Baron Simon Woolley on belonging, the new government and EDI
As founder and Director of Operation Black Vote, Simon Woolley waged a long struggle for greater representation. Now Baron Woolley and Principal of Homerton College, he talks to Kitty Finstad about belonging, the new government, business’s role in furthering EDI and finding an ally in King Charles III
It’s 1996. The run-up to the final UK general election of the 20th century. A time of uncertainty, social shifts and a simmering sense of optimism after the upheavals of the previous decades. For a young Simon Woolley it was the ideal moment to swing into action. Then a volunteer for Charter 88, the political reform pressure group, Woolley launched Operation Black Vote (OBV) to seize the moment and press for change, equality and representation.

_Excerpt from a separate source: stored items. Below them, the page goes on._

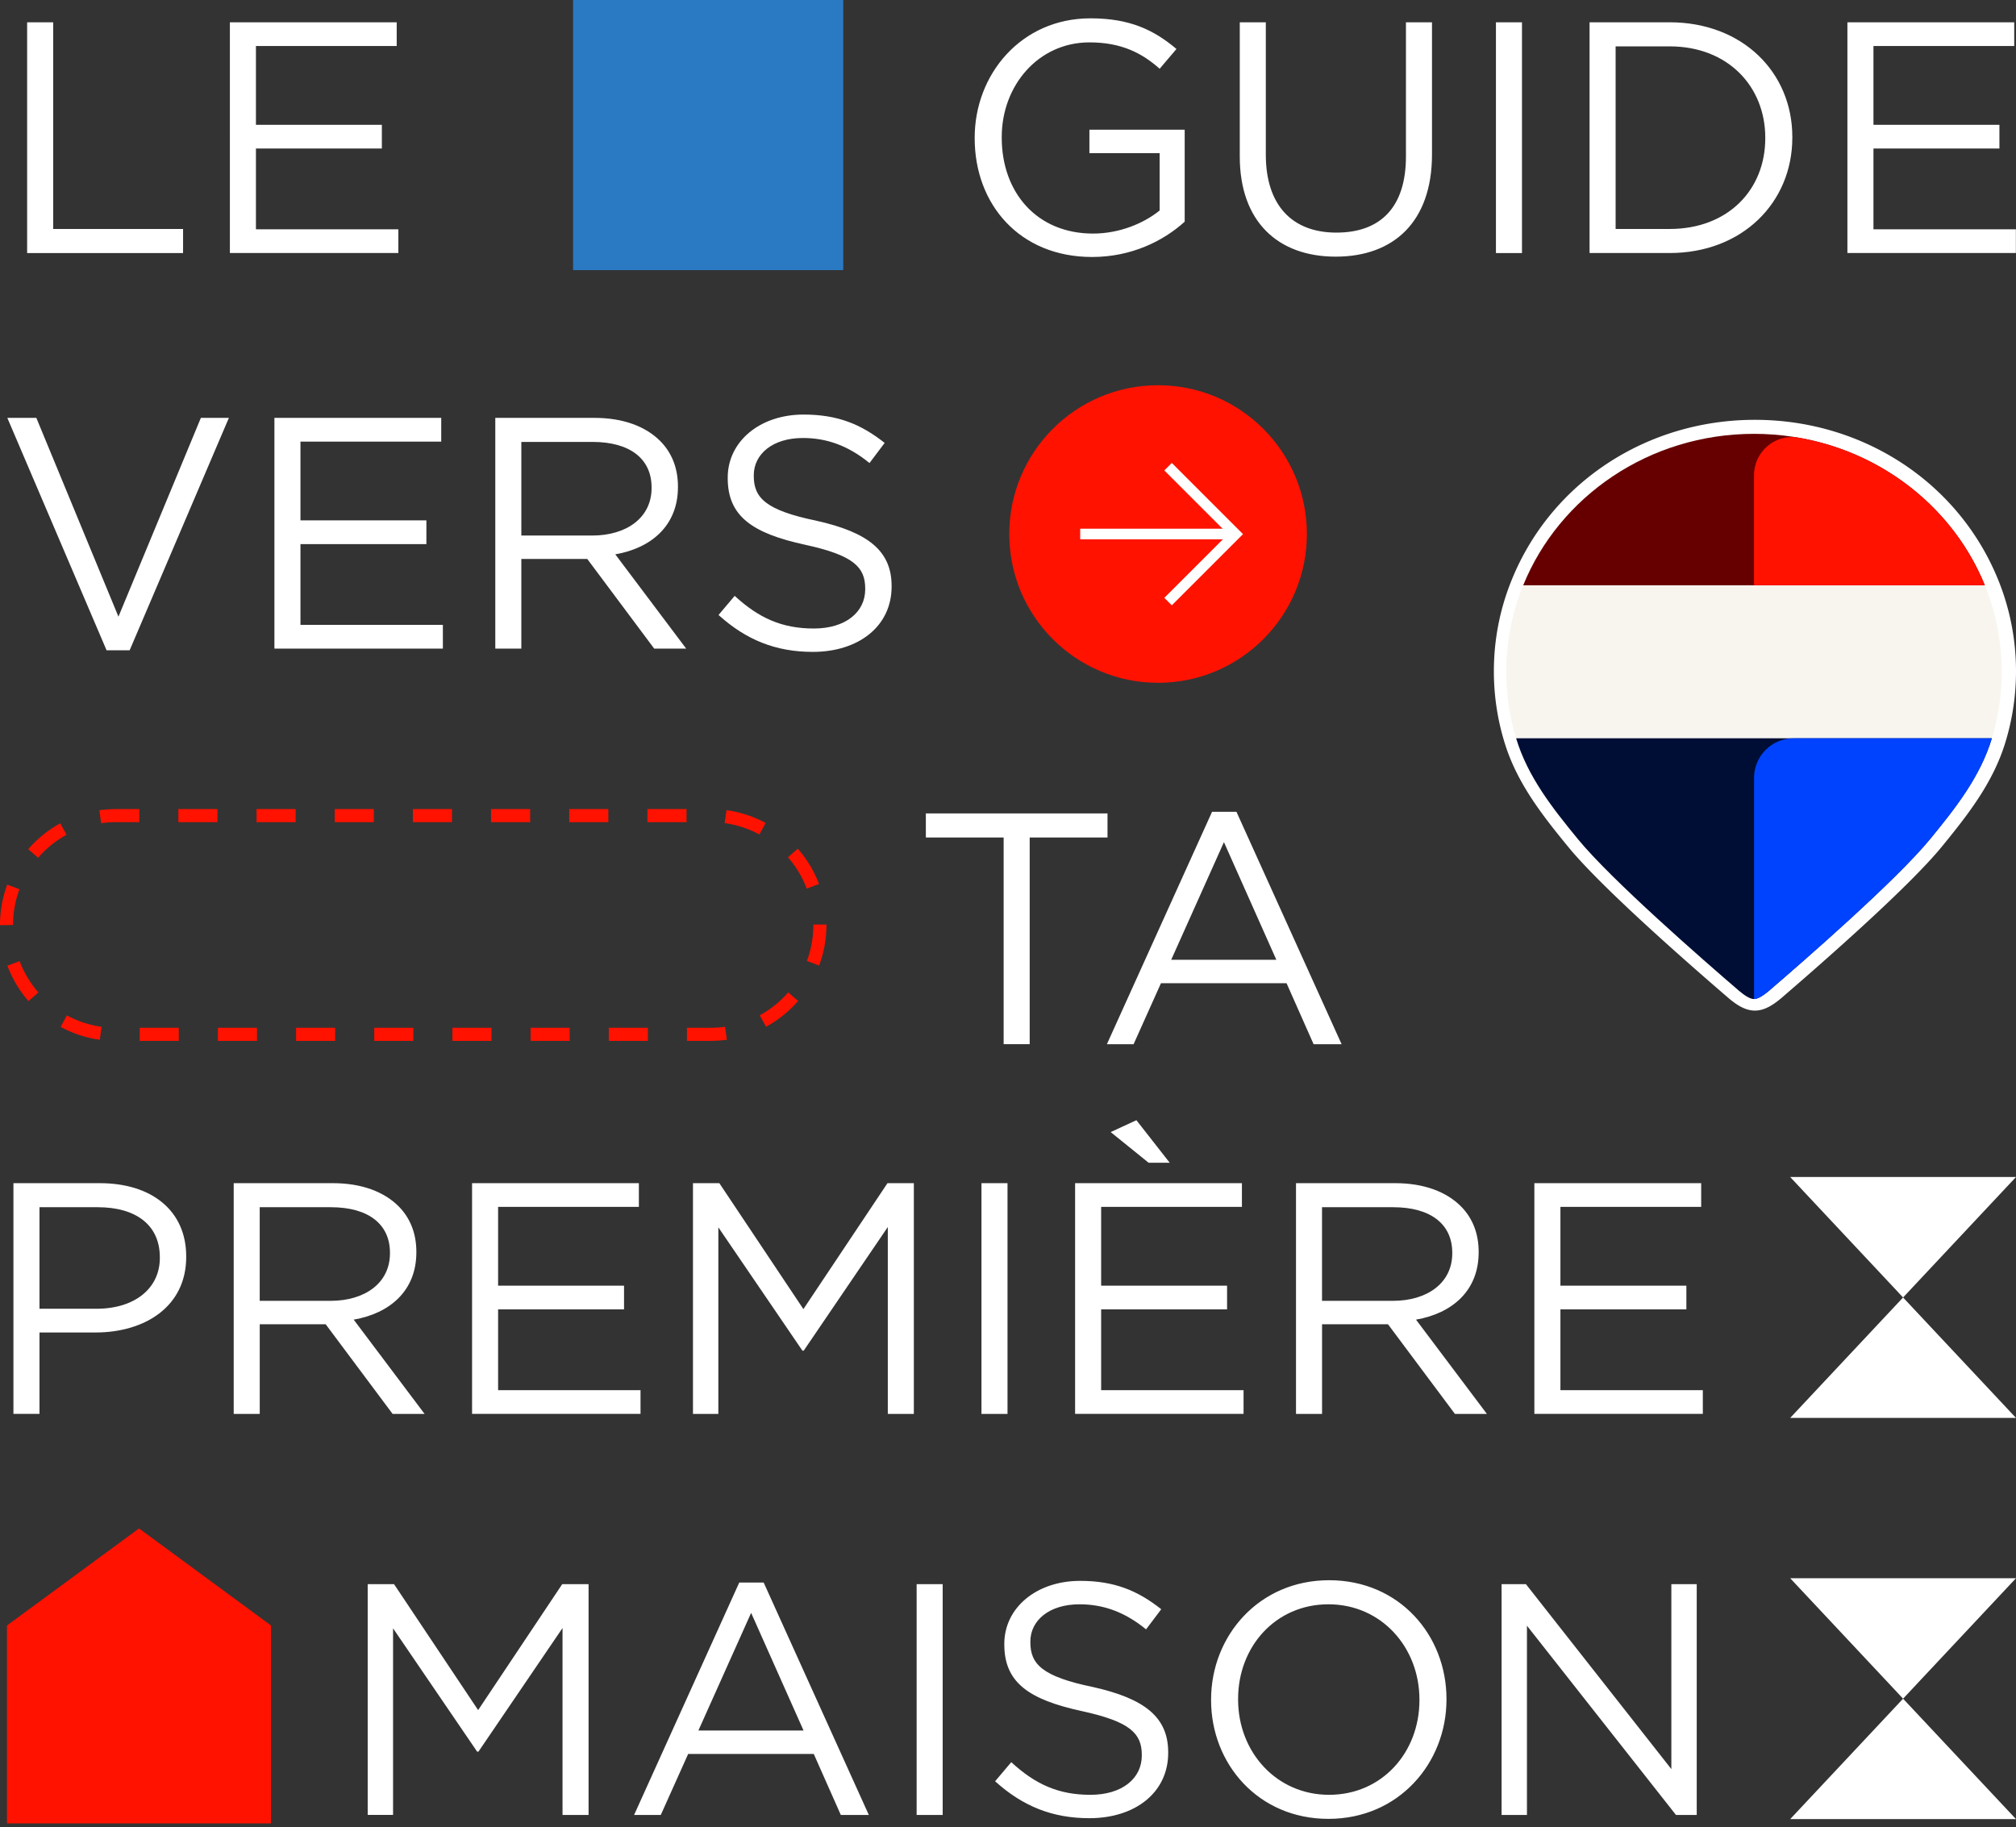 <?xml version="1.0" encoding="UTF-8"?>
<svg xmlns="http://www.w3.org/2000/svg" fill="none" viewBox="0 0 417 378">
  <rect x="0" y="0" width="417" height="378" fill="#333333" stroke="none"/>
  <path fill="#fff" d="M5.612 4.611H11V47.37h26.867v4.981H5.612zM47.55 4.611h34.506V9.52H52.94v16.297h26.047v4.909H52.94v16.71h29.457v4.908H47.551zM201.609 28.614v-.133c0-13.094 9.617-24.689 23.936-24.689 8.046 0 13.027 2.318 17.802 6.34l-3.476 4.09c-3.616-3.203-7.845-5.454-14.526-5.454-10.569 0-18.141 8.931-18.141 19.573v.134c0 11.388 7.299 19.846 18.888 19.846 5.454 0 10.502-2.111 13.773-4.775V31.678h-14.526v-4.841h19.707v19.027c-4.435 4.023-11.049 7.3-19.161 7.3-15.005 0-24.276-10.91-24.276-24.55M256.441 32.364V4.611h5.388v27.413c0 10.364 5.388 16.097 14.592 16.097s14.392-5.321 14.392-15.75V4.61h5.388v27.347c0 13.979-7.979 21.139-19.913 21.139s-19.847-7.227-19.847-20.733M309.428 4.611h5.388v47.74h-5.388zM328.795 4.611h16.571c15.004 0 25.368 10.297 25.368 23.73v.134c0 13.433-10.364 23.87-25.368 23.87h-16.571zm5.388 4.976v37.782h11.183c12.068 0 19.773-8.118 19.773-18.755v-.133c0-10.57-7.705-18.888-19.773-18.888h-11.183zM382.128 4.611h34.506V9.52h-29.118v16.297h26.054v4.909h-26.054v16.71h29.458v4.908h-34.846zM1.517 86.45h6L24.5 127.574l17.05-41.126h5.794l-20.526 48.079h-4.775zM56.761 86.45h34.506v4.908H62.149v16.297h26.048v4.909H62.149v16.709h29.457v4.909H56.761V86.443zM102.449 86.45h20.526c5.934 0 10.57 1.771 13.573 4.774 2.385 2.385 3.683 5.595 3.683 9.411v.134c0 7.911-5.455 12.614-12.96 13.912l14.665 19.507h-6.614l-13.845-18.548h-13.64v18.548h-5.388zm20.053 24.342c7.093 0 12.274-3.683 12.274-9.823v-.134c0-5.934-4.502-9.41-12.207-9.41h-14.732v19.367zM148.622 127.229l3.343-3.956c4.976 4.568 9.751 6.753 16.364 6.753s10.637-3.41 10.637-8.118v-.134c0-4.435-2.385-6.887-12.414-9.071-10.982-2.384-16.025-5.934-16.025-13.773v-.14c0-7.432 6.614-13.026 15.685-13.026 7.026 0 11.868 1.978 16.776 5.867l-3.136 4.162c-4.436-3.616-8.865-5.181-13.774-5.181-6.273 0-10.163 3.343-10.163 7.705v.134c0 4.502 2.385 7.093 12.96 9.277 10.637 2.384 15.551 6.207 15.551 13.5v.133c0 8.185-6.819 13.501-16.297 13.501-7.639 0-13.773-2.458-19.507-7.639zM207.604 173.262h-16.097v-4.981h37.576v4.981h-16.097v42.758h-5.388v-42.758zM250.707 167.947h5.048l21.752 48.079h-5.794l-5.594-12.614h-25.981l-5.661 12.614h-5.522zm13.3 30.617-10.842-24.343-10.91 24.343zM2.779 244.773h17.869c10.775 0 17.868 5.728 17.868 15.139v.133c0 10.297-8.591 15.618-18.754 15.618H8.167v16.843H2.779v-47.739zm17.189 25.981c7.912 0 13.094-4.229 13.094-10.502v-.14c0-6.82-5.115-10.363-12.821-10.363H8.167v21.005h11.801M48.34 244.773h20.526c5.934 0 10.57 1.772 13.573 4.776 2.384 2.384 3.683 5.594 3.683 9.41v.134c0 7.912-5.455 12.614-12.96 13.912l14.664 19.507h-6.613l-13.846-18.548h-13.64v18.548H48.34zm20.046 24.343c7.093 0 12.275-3.683 12.275-9.823v-.134c0-5.934-4.502-9.41-12.208-9.41H53.721v19.367zM97.644 244.773h34.505v4.909h-29.118v16.297h26.048v4.909h-26.048v16.71h29.458v4.908H97.644v-47.739zM143.338 244.773h5.454l17.389 26.054 17.39-26.054h5.454v47.739h-5.387v-38.668l-17.39 25.575h-.273l-17.389-25.508v38.601h-5.248zM203.011 244.773h5.388v47.739h-5.388zM222.378 244.773h34.506v4.909h-29.118v16.297h26.048v4.909h-26.048v16.71h29.458v4.908h-34.846v-47.739zm15.205-4.229-7.845-6.34 5.321-2.457 6.887 8.797zM268.072 244.773h20.526c5.934 0 10.57 1.772 13.573 4.776 2.385 2.384 3.683 5.594 3.683 9.41v.134c0 7.912-5.454 12.614-12.96 13.912l14.665 19.507h-6.613L287.1 273.964h-13.64v18.548h-5.388zm20.047 24.343c7.093 0 12.275-3.683 12.275-9.823v-.134c0-5.934-4.502-9.41-12.208-9.41h-14.732v19.367zM317.376 244.773h34.506v4.909h-29.118v16.297h26.054v4.909h-26.054v16.71h29.458v4.908h-34.846v-47.739zM76.056 327.734h5.454l17.39 26.053 17.389-26.053h5.454v47.739h-5.387v-38.668l-17.39 25.574h-.273l-17.39-25.508v38.602h-5.248zM152.912 327.394h5.048l21.752 48.079h-5.794l-5.595-12.615h-25.981l-5.66 12.615h-5.522zm13.3 30.616-10.843-24.342-10.909 24.342zM189.602 327.734h5.388v47.739h-5.388zM205.832 368.513l3.343-3.956c4.976 4.569 9.751 6.753 16.364 6.753s10.637-3.41 10.637-8.118v-.134c0-4.435-2.385-6.886-12.414-9.07-10.982-2.385-16.025-5.934-16.025-13.773v-.14c0-7.433 6.614-13.027 15.685-13.027 7.026 0 11.868 1.978 16.776 5.867l-3.137 4.163c-4.435-3.617-8.864-5.182-13.773-5.182-6.273 0-10.163 3.343-10.163 7.706v.133c0 4.502 2.385 7.093 12.96 9.277 10.637 2.385 15.551 6.207 15.551 13.5v.134c0 8.185-6.819 13.5-16.297 13.5-7.639 0-13.773-2.457-19.507-7.639zM250.507 351.737v-.134c0-13.16 9.89-24.688 24.415-24.688 14.526 0 24.276 11.388 24.276 24.549v.133c0 13.16-9.89 24.689-24.415 24.689-14.526 0-24.276-11.389-24.276-24.549m43.097 0v-.134c0-10.842-7.912-19.707-18.821-19.707s-18.688 8.731-18.688 19.574v.133c0 10.843 7.912 19.707 18.821 19.707s18.688-8.731 18.688-19.573M310.587 327.734h5.048l30.076 38.255v-38.255h5.249v47.739h-4.296l-30.823-39.148v39.148h-5.248v-47.739z"></path>
  <path fill="#ff1200" d="M239.543 141.257c17 0 30.78-13.781 30.78-30.781 0-16.999-13.78-30.78-30.78-30.78-16.999 0-30.78 13.781-30.78 30.78s13.781 30.781 30.78 30.781"></path>
  <path fill="#fff" d="M255.47 109.378h-32.036v2.191h32.036z"></path>
  <path fill="#fff" d="m242.383 125.226-1.548-1.547 13.179-13.178-13.179-13.179 1.548-1.547 14.725 14.726z"></path>
  <path fill="#2a79c3" stroke="#2a79c3" stroke-miterlimit="10" stroke-width="5" d="M171.921 2.5H121.04v50.882h50.881z"></path>
  <path fill="#ff1200" d="M146.972 215.334h-4.878v-2.706h4.878c1.007 0 2.02-.073 3.003-.212l.377 2.682a24 24 0 0 1-3.386.236zm-12.96 0h-8.088v-2.706h8.088zm-16.176 0h-8.088v-2.706h8.088zm-16.17 0h-8.088v-2.706h8.088zm-16.17 0H77.41v-2.706h8.087zm-16.17 0H61.24v-2.706h8.088zm-16.169 0h-8.088v-2.706h8.088zm-16.176 0h-8.088v-2.706h8.088zm-16.346-.23a23.6 23.6 0 0 1-8.094-2.67l1.293-2.379a21 21 0 0 0 7.178 2.367zm137.817-2.688-1.299-2.373a21.3 21.3 0 0 0 5.892-4.744l2.044 1.777a24 24 0 0 1-6.637 5.346zM5.898 207.107a23.8 23.8 0 0 1-4.369-7.318l2.536-.952a21.1 21.1 0 0 0 3.877 6.486l-2.038 1.778zm163.542-7.36-2.536-.947a21.3 21.3 0 0 0 1.334-7.444v-.091h2.706v.06c0 2.919-.509 5.74-1.51 8.422zM0 191.404v-.048c0-2.87.504-5.673 1.493-8.343l2.536.94a21.2 21.2 0 0 0-1.323 7.403zm166.873-7.566a21.2 21.2 0 0 0-3.889-6.48l2.039-1.784a23.9 23.9 0 0 1 4.386 7.305l-2.53.959zM7.882 177.455l-2.045-1.772a24 24 0 0 1 6.626-5.357l1.304 2.372a21.3 21.3 0 0 0-5.88 4.757zm149.198-4.817a21 21 0 0 0-7.184-2.349l.371-2.681a23.6 23.6 0 0 1 8.1 2.651zm-136.153-2.33-.383-2.682a24 24 0 0 1 3.435-.243h4.835v2.706H23.98c-1.02 0-2.045.073-3.046.219zm121.082-.219h-8.088v-2.706h8.088zm-16.176 0h-8.088v-2.706h8.088zm-16.17 0h-8.088v-2.706h8.088zm-16.17 0h-8.087v-2.706h8.087zm-16.17 0h-8.087v-2.706h8.088zm-16.17 0h-8.087v-2.706h8.088zm-16.175 0H36.89v-2.706h8.088z"></path>
  <path fill="#fff" d="M363.005 209.072c-2.055 0-3.835-1.239-5.3-2.448-9.607-8.261-26.629-23.247-33.306-31.398-5.772-7.031-10.748-13.521-13.236-21.762A50 50 0 0 1 309 138.891c0-6.539 1.239-12.921 3.707-18.959 8.152-20.099 27.897-33.079 50.288-33.079s42.146 12.98 50.308 33.07A50.1 50.1 0 0 1 417 138.881c0 4.966-.728 9.873-2.163 14.583-2.488 8.231-7.464 14.721-13.236 21.762-6.687 8.151-23.689 23.128-33.237 31.339-1.544 1.278-3.333 2.507-5.369 2.507"></path>
  <path fill="#f7f5ee" d="M410.549 121.083h-95.482a47.5 47.5 0 0 0-3.5 17.897c0 4.769.708 9.391 2.035 13.757h98.403a47.3 47.3 0 0 0 2.035-13.757 47.5 47.5 0 0 0-3.491-17.897"></path>
  <path fill="#600" d="M362.808 89.754c-21.732 0-40.297 12.99-47.741 31.329h95.492c-7.454-18.339-26.029-31.33-47.741-31.33"></path>
  <path fill="#000e35" d="M313.602 152.737c2.4 7.975 7.552 14.484 12.784 20.866 6.972 8.496 25.95 25.046 33.374 31.418.993.826 2.164 1.662 3.039 1.662s2.035-.826 3.038-1.652c7.424-6.382 26.403-22.922 33.375-31.428 5.231-6.382 10.374-12.891 12.783-20.866z"></path>
  <path fill="#ff1200" d="M410.549 121.083h-47.741V98.309c0-4.858 4.366-8.604 9.145-7.778 17.681 3.058 32.214 14.838 38.596 30.552"></path>
  <path fill="#0043ff" d="M412.014 152.737c-2.409 7.975-7.552 14.484-12.793 20.866-6.972 8.496-25.94 25.046-33.365 31.418-1.003.826-2.163 1.662-3.038 1.662v-45.755c0-4.524 3.668-8.191 8.181-8.191h41.025z"></path>
  <path fill="#fff" d="M370.291 243.5H417l-23.357 24.921zM417 293.337h-46.709l23.352-24.916zM370.291 326.5H417l-23.357 24.921zM417 376.337h-46.709l23.352-24.916z"></path>
  <path fill="#ff1200" d="M20.726 377.226H1.45v-40.949L28.76 316.2l27.297 20.077v40.949h-19.27"></path>
</svg>

Twenty-six years on, Baron Woolley of Woodford divides his time between the House of Lords (he was made a crossbench peer in 2019) and his office at Homerton College, University of Cambridge, where he has been Principal since 2021. A week after the death of Queen Elizabeth II, he spoke to CA magazine about what has changed – or otherwise – since then.
“It was a great moment,” Woolley recalls of the early days of Operation Black Vote. “We’d had many years of the Thatcher government, which were pretty brutal for working-class people, and particularly for black, Asian and minority ethnic communities.” These were communities that were still processing the 1993 racist murder of 18-year-old Stephen Lawrence – and the subsequent failed prosecution of his suspected killers. A case that would come to define systemic inequality and the notion of institutional racism.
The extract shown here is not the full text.